▶ _DATA FOR ANALYSIS_:
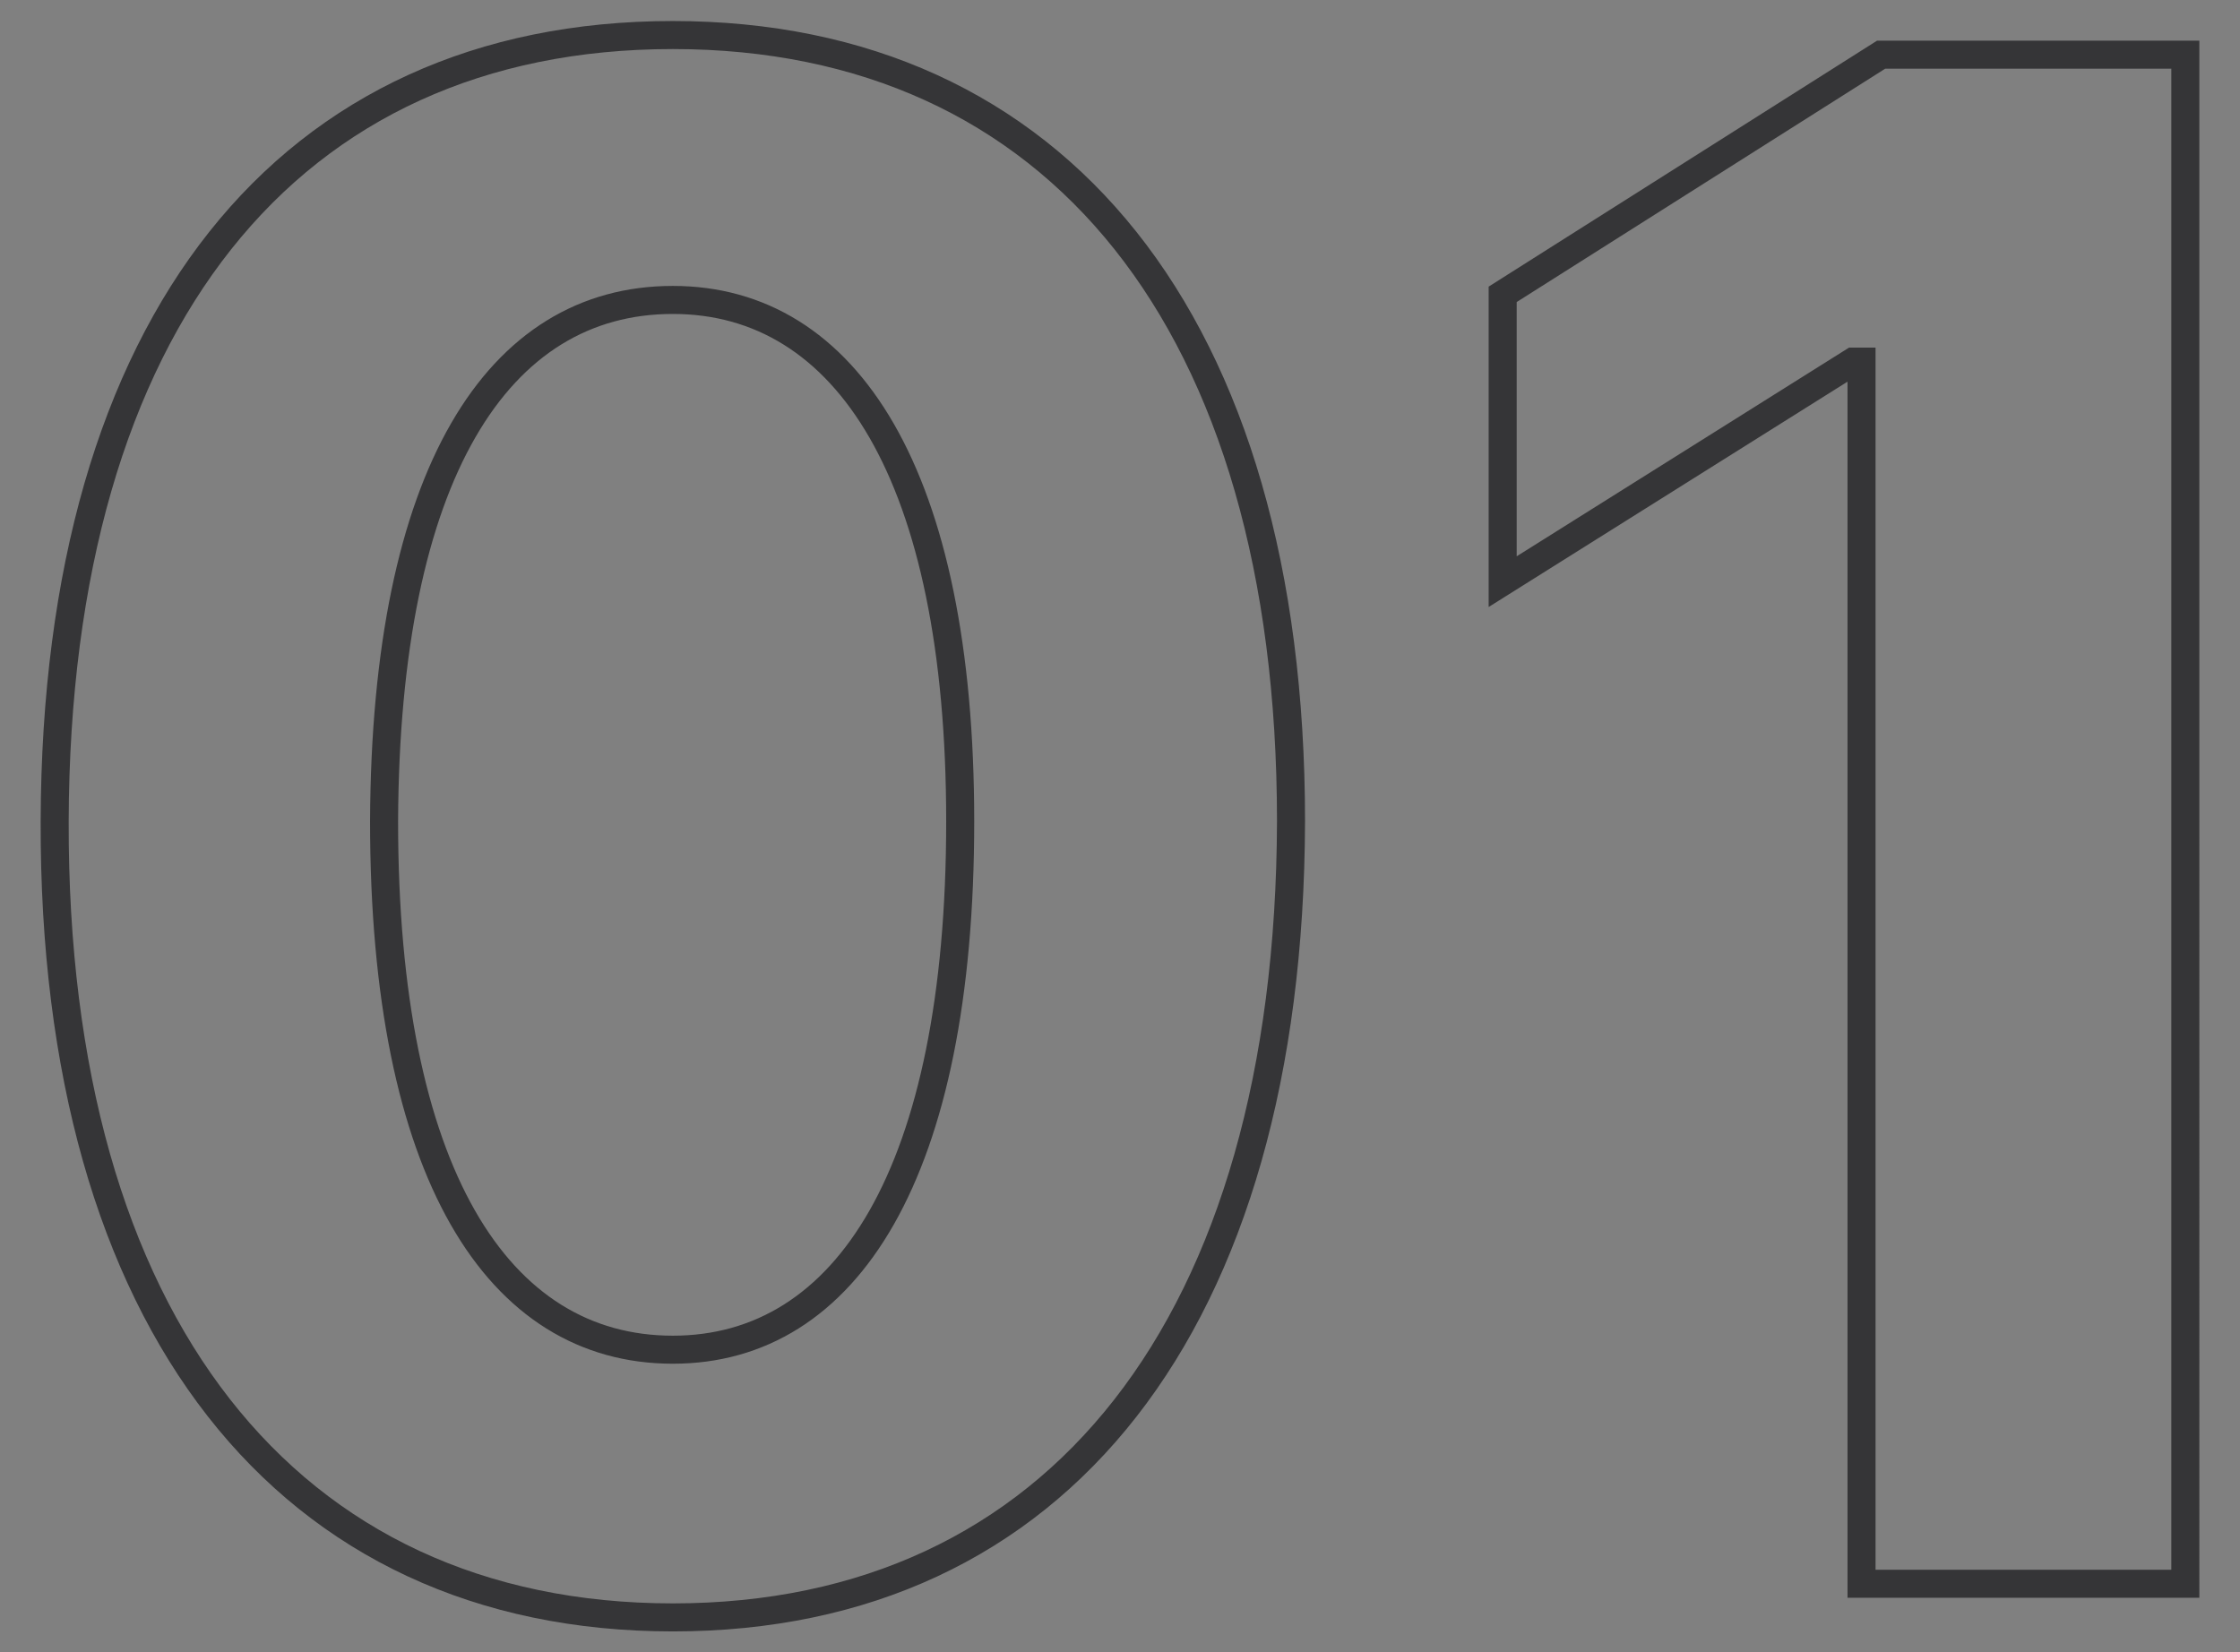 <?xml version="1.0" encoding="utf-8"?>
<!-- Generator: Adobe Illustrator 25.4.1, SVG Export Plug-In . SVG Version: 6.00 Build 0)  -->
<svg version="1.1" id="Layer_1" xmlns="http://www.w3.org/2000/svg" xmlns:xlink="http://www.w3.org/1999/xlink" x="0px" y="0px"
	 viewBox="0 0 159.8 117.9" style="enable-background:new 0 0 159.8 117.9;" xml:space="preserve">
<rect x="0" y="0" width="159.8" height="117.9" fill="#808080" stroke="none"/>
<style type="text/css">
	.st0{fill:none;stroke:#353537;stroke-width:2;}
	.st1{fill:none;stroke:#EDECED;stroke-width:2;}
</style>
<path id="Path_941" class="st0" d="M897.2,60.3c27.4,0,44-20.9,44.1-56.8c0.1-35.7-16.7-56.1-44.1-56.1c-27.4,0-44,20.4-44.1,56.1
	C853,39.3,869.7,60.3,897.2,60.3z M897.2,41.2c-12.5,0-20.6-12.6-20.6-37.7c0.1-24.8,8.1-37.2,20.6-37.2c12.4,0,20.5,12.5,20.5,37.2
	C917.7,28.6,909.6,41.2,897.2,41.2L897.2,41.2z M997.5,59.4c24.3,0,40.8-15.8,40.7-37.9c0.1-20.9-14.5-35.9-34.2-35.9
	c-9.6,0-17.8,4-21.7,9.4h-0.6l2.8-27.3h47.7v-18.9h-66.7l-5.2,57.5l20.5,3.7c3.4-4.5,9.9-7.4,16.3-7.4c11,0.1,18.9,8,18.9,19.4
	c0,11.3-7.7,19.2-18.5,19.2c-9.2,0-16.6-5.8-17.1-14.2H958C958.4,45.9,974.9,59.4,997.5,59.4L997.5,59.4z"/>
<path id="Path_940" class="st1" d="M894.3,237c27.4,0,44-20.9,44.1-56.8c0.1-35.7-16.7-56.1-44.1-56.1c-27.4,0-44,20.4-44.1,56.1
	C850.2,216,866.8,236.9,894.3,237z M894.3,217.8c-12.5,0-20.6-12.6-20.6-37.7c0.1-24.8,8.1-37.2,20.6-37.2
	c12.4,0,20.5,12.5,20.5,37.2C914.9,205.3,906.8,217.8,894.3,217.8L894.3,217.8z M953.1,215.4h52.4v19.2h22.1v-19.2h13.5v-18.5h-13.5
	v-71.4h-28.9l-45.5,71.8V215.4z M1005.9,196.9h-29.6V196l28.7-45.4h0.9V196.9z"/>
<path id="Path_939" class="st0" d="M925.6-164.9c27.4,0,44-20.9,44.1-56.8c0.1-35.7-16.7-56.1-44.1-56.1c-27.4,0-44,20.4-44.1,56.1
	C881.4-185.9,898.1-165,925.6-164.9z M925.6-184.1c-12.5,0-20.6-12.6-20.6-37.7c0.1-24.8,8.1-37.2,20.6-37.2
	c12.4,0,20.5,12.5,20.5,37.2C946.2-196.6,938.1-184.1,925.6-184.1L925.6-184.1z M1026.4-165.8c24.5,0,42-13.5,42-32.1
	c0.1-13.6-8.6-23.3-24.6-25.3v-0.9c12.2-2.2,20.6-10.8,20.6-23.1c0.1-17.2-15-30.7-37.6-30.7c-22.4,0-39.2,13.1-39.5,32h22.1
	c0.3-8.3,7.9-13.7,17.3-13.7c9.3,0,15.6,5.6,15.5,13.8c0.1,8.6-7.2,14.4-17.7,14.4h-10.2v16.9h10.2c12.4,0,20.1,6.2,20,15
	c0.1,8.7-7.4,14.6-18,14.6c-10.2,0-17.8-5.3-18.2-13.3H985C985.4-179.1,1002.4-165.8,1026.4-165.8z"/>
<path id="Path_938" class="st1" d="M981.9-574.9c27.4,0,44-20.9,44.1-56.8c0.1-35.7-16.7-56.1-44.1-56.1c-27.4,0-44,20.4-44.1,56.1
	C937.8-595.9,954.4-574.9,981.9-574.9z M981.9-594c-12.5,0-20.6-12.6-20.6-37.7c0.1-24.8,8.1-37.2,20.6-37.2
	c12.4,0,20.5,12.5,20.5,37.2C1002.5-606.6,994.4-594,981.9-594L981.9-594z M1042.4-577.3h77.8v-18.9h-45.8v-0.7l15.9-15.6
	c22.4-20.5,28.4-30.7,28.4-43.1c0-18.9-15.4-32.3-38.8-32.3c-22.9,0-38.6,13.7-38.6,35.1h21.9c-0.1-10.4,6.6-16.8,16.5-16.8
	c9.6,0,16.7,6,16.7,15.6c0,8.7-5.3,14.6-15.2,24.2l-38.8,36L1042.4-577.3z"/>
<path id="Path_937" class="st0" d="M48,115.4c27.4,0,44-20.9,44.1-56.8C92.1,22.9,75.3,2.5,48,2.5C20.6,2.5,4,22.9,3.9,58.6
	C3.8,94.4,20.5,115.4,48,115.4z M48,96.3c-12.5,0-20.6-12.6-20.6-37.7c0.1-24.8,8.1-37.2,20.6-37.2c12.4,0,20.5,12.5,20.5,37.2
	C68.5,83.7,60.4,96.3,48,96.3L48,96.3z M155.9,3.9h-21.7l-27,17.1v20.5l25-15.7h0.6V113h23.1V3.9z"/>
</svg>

▶ _TO DO_:
What lines in the records above include the string "style"? Copy each one.

▶ _SOLUTION FOR THIS TASK_:
	 viewBox="0 0 159.8 117.9" style="enable-background:new 0 0 159.8 117.9;" xml:space="preserve">
<style type="text/css">
</style>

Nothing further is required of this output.